Let $\tau$ be the metric topology of $X$, the map $g:Y\to \mathbb C$ be $\nu$-integrable map. and $$ \mathcal H_g := \left \{f:X \to \mathbb C \text{ bounded measurable} \,\middle\vert\, y \mapsto\int_X f \mathrm d \mu_y \text{ is measurable, and } (\star) \text{ holds for } f \right\}. $$

• Claim 3.a. If $O \in \tau$ then $1_A \in \mathcal H_g$.
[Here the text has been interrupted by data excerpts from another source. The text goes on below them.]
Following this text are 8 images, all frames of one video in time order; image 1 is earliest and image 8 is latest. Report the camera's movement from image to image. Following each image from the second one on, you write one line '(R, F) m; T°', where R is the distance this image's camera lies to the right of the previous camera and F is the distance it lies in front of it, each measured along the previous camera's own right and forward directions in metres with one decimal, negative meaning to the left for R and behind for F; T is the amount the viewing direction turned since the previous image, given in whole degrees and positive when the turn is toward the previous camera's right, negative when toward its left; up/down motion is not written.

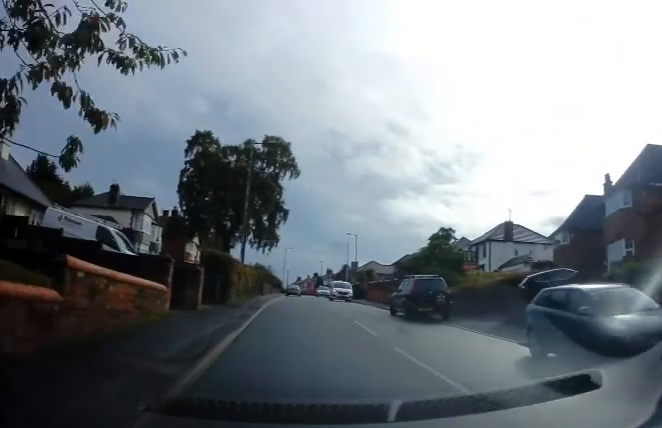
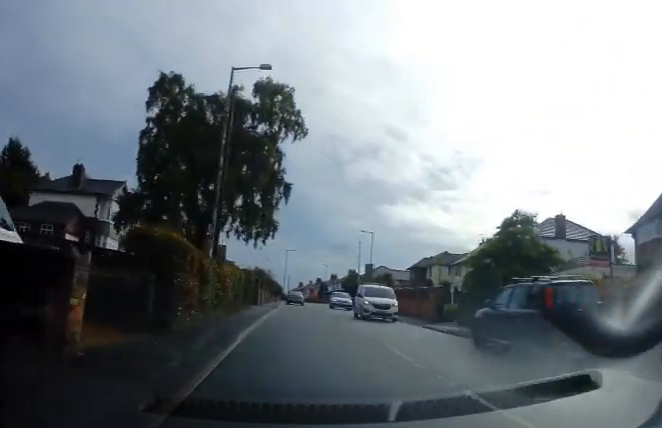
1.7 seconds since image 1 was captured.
(-0.2, +9.9) m; 0°
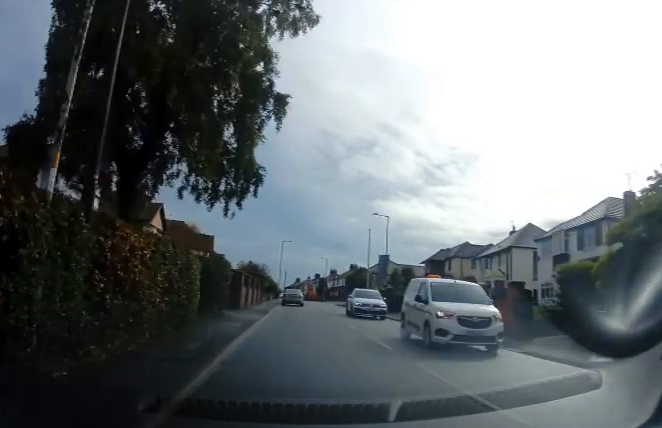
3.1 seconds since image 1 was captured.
(+0.2, +9.8) m; 0°
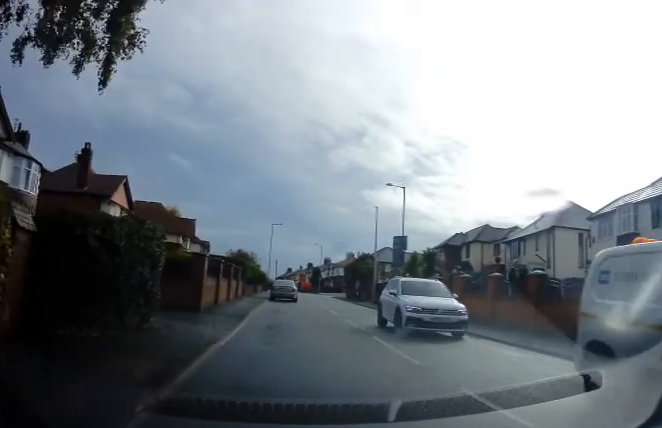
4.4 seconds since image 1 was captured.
(-0.1, +8.0) m; -1°
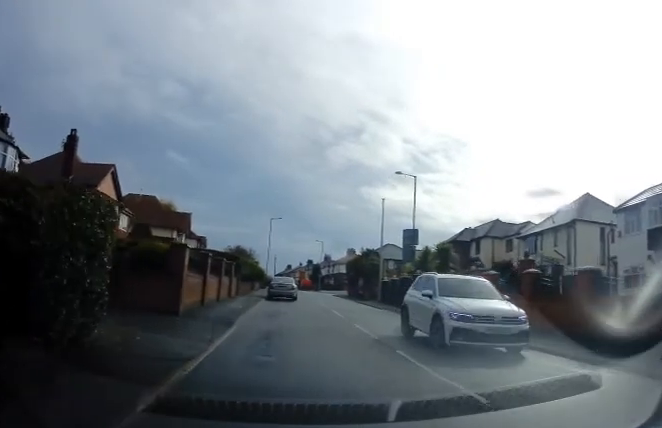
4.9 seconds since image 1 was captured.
(0.0, +2.5) m; 0°
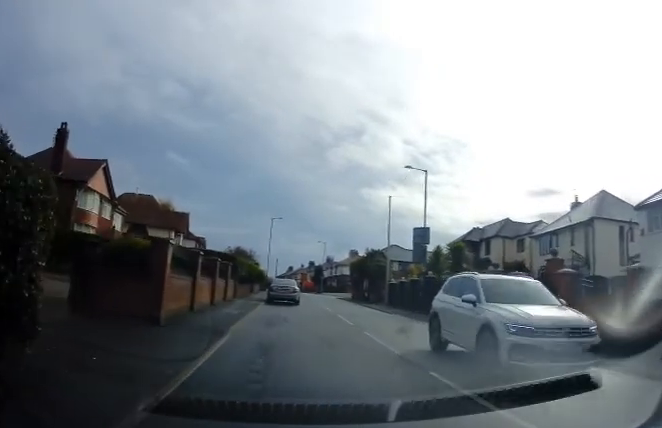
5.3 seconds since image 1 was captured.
(+0.1, +1.9) m; 0°
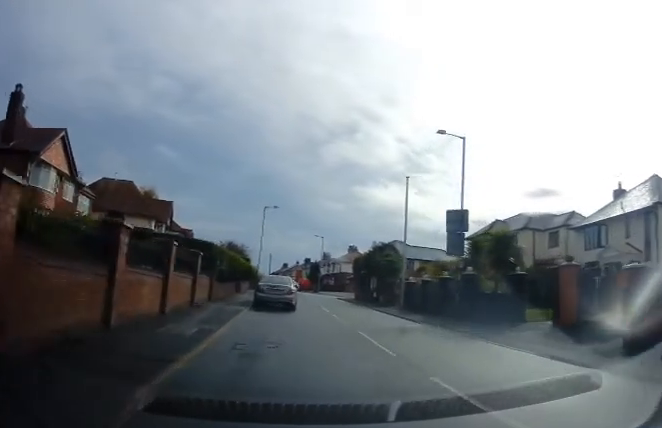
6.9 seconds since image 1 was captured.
(-0.1, +5.7) m; 0°
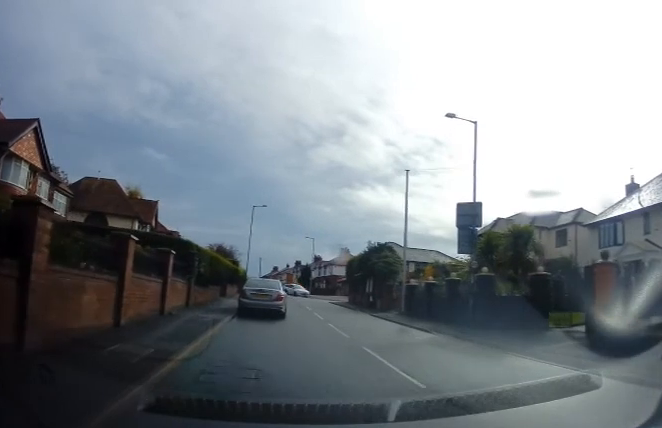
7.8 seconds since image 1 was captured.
(+0.1, +2.2) m; +4°
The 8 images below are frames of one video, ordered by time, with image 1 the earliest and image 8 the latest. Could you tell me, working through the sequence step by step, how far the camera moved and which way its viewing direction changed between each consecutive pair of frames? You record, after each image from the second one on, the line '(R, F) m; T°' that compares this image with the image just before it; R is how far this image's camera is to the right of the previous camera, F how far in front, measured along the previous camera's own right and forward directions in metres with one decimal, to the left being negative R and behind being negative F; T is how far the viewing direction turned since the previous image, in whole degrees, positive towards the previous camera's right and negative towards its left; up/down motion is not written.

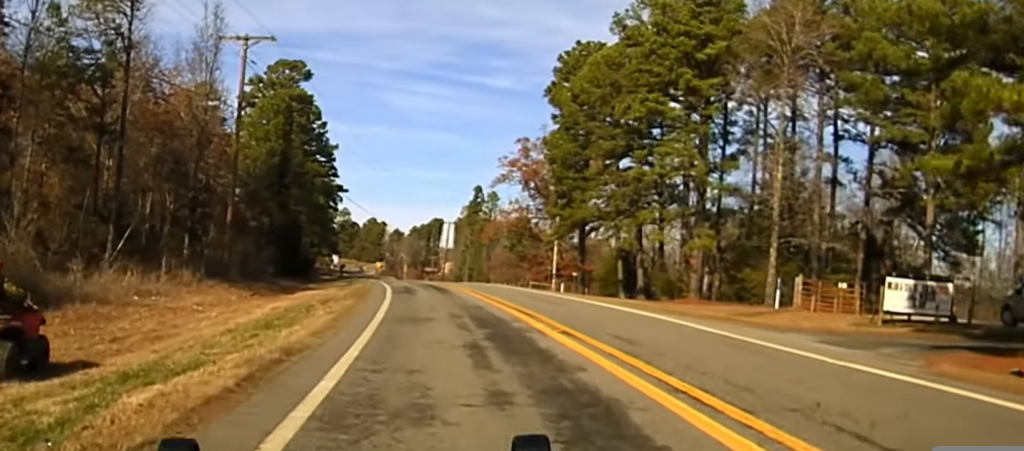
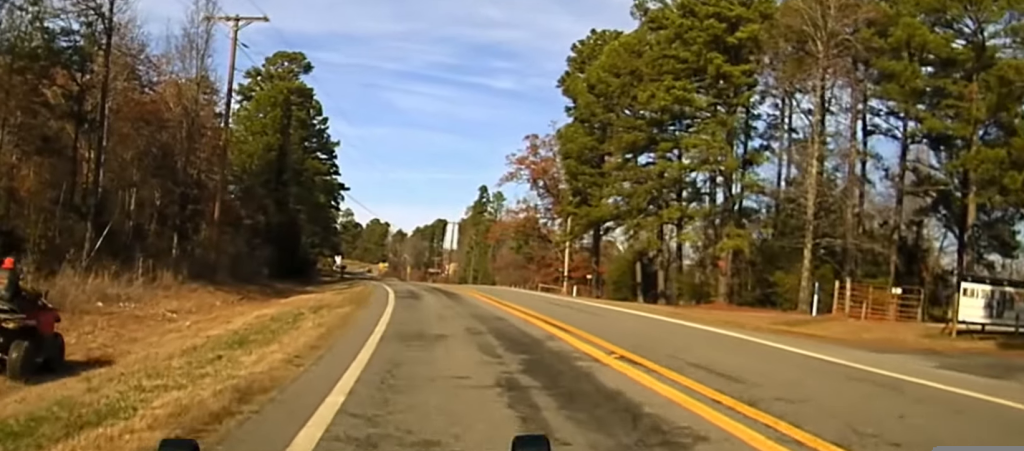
(0.0, +5.7) m; +1°
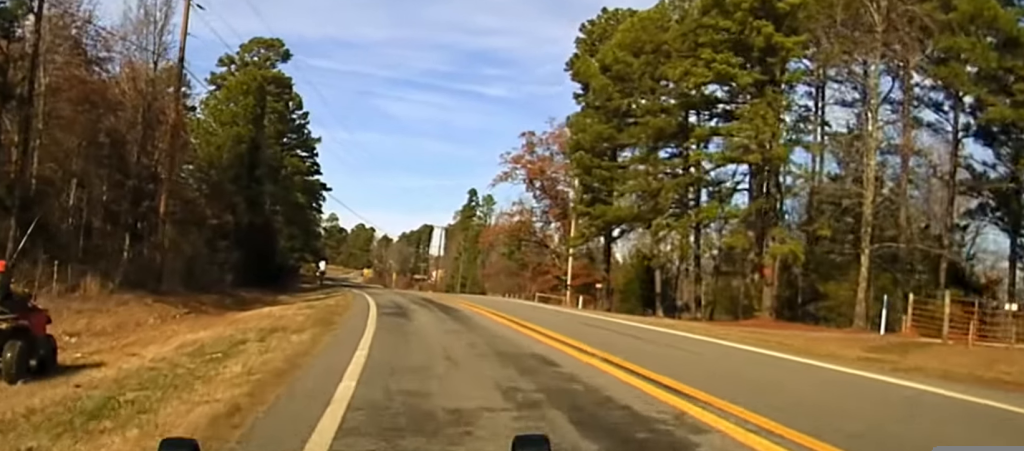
(+0.1, +8.6) m; +5°
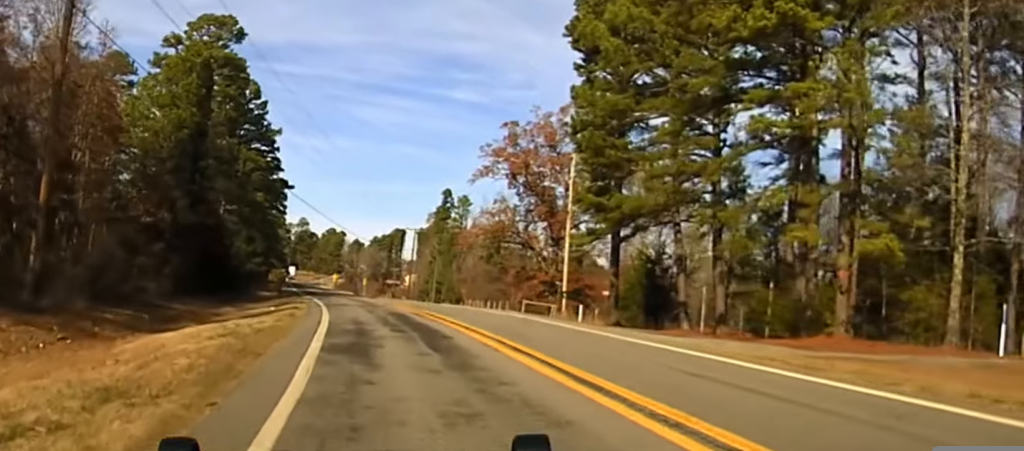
(+0.4, +7.9) m; 0°
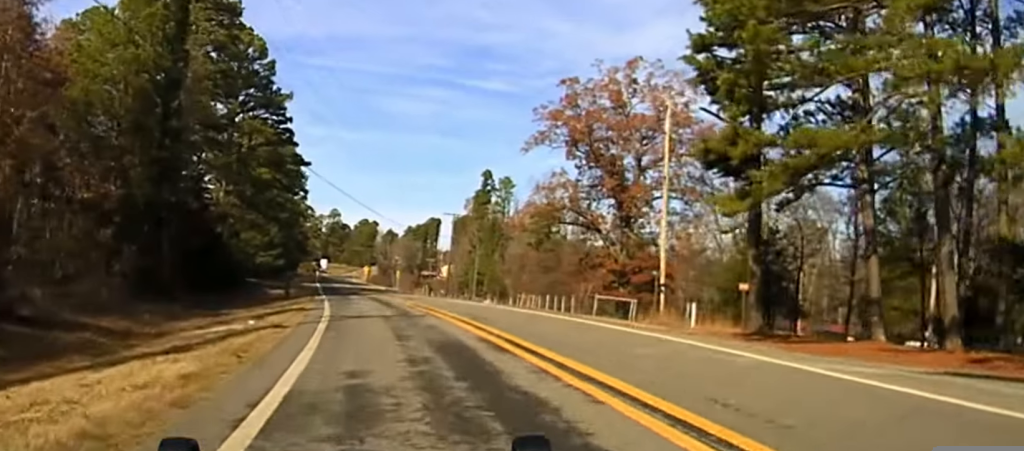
(-0.6, +10.5) m; -3°
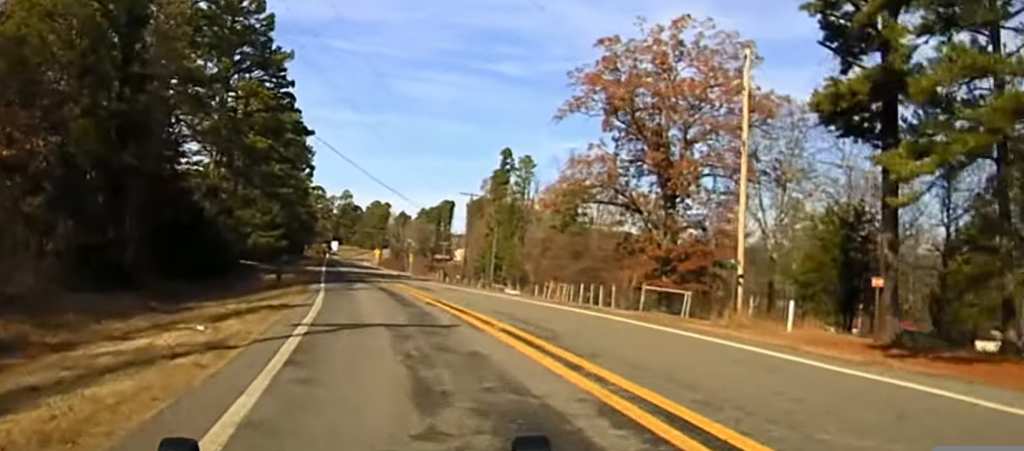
(0.0, +7.4) m; 0°
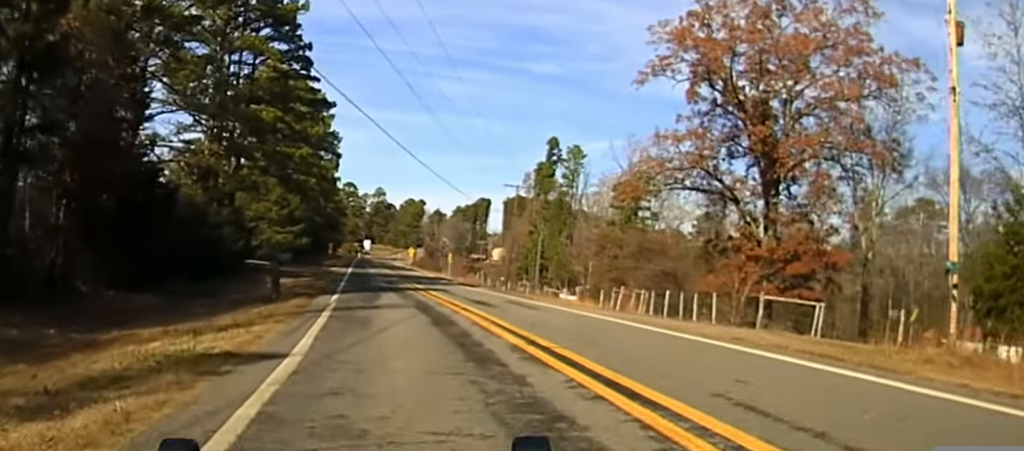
(-0.1, +14.0) m; -1°
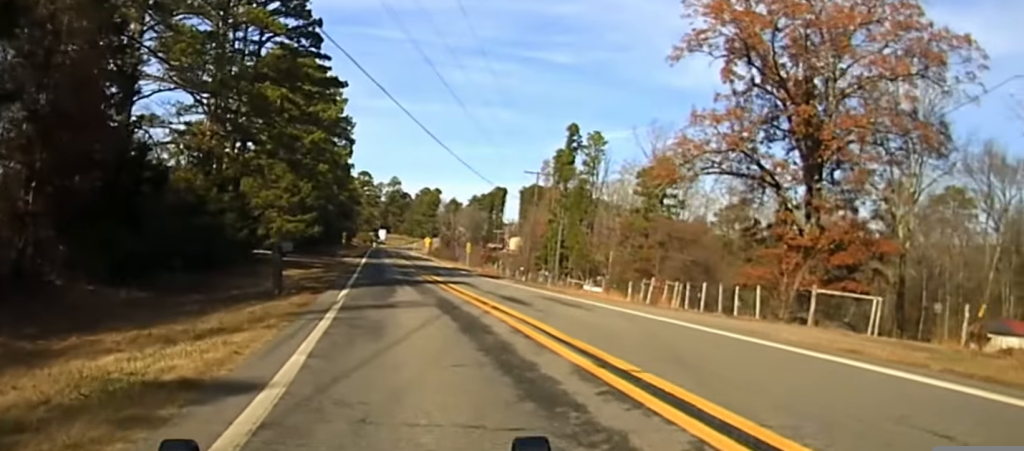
(-0.1, +6.5) m; 0°
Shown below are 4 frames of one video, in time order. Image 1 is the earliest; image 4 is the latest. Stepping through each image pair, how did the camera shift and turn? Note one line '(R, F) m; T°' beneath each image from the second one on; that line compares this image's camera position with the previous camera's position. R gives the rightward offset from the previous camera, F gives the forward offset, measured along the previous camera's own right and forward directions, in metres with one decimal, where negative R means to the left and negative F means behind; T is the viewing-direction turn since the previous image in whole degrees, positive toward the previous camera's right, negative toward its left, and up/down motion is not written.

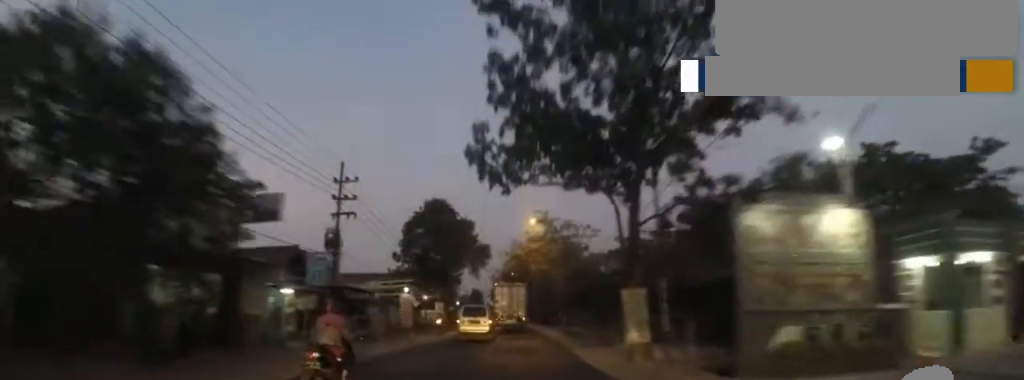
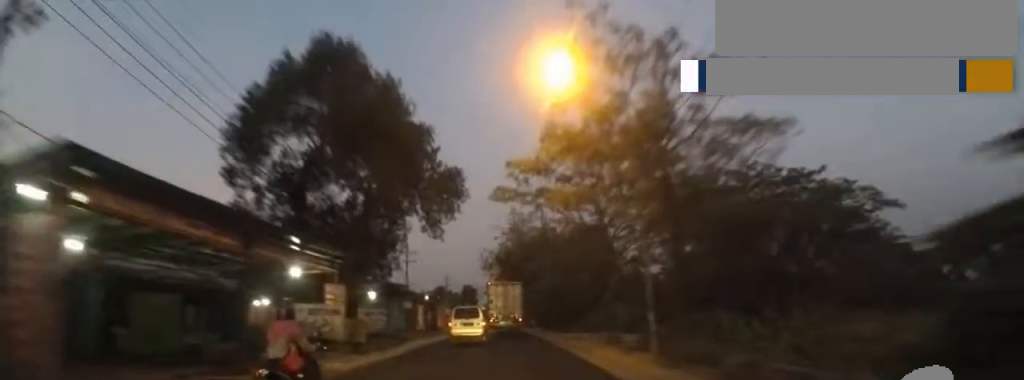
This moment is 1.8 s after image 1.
(+0.1, +24.2) m; 0°
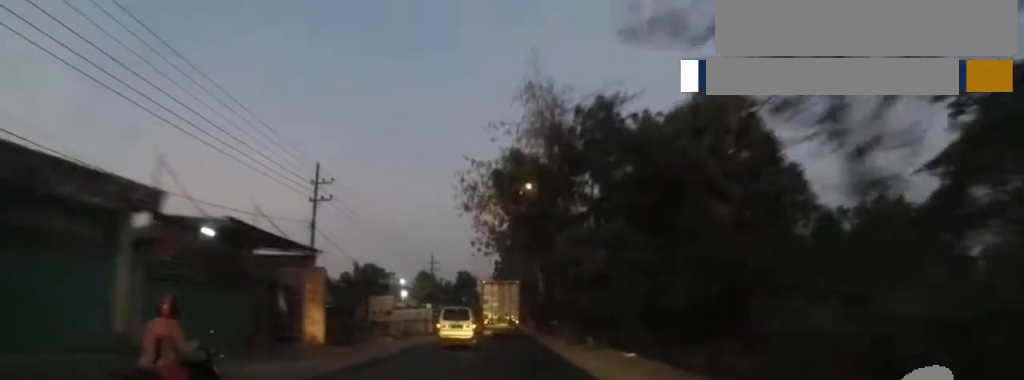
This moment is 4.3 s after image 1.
(+0.5, +33.0) m; +1°
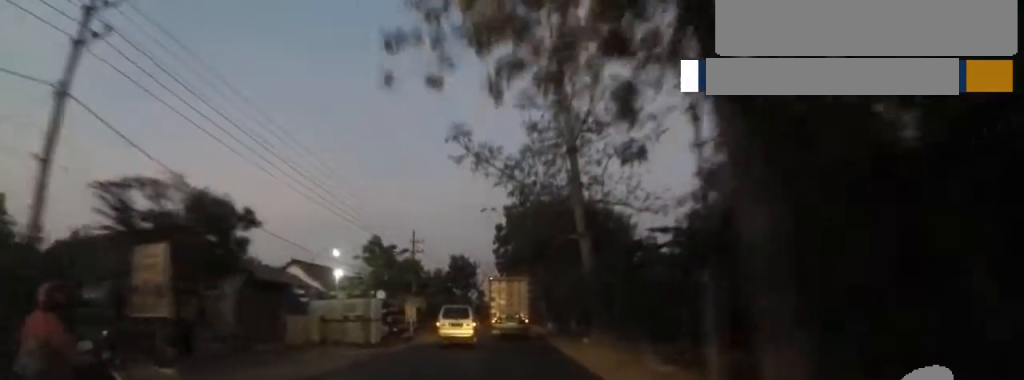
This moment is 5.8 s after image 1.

Proof: There is a sequence $(f_n) \subset \mathcal C(X)$ of non-negative functions such that $f_n \nearrow 1_O$ pointwise and everywhere. By DCT, $$ \int_X f_n (g \circ \pi) \mathrm d \mu \to \int_X 1_O (g \circ \pi) \mathrm d \mu \quad \text{and} \quad \int_X f_n \mathrm d \mu_y \to \int_X 1_O \mathrm d \mu_y. $$ We have $y \mapsto \int_X f_n \mathrm d \mu_y$ is equal to $L(f_n, \cdot)$ which is measurable, so $y \mapsto \int_X 1_O \mathrm d \mu_y$ is also measurable. By DCT again, $$ \int_Y \left ( \int_X f_n \mathrm d \mu_y \right ) g (y) \mathrm d \nu (y) \to \int_Y \left ( \int_X 1_O \mathrm d \mu_y \right ) g (y) \mathrm d \nu (y). $$

The claim then follows from $$ \int_X f_n (g \circ \pi) \mathrm d \mu = \int_Y \left ( \int_X f_n \mathrm d \mu_y \right ) g (y) \mathrm d \nu (y) \quad \forall n. $$

• Claim 3.b. Let $(f_n) \subset \mathcal H_g$ be an increasing sequence of non-negative functions. If $f_n$ converges pointwise and everywhere to a bounded function $f$, then $f \in \mathcal H_g$.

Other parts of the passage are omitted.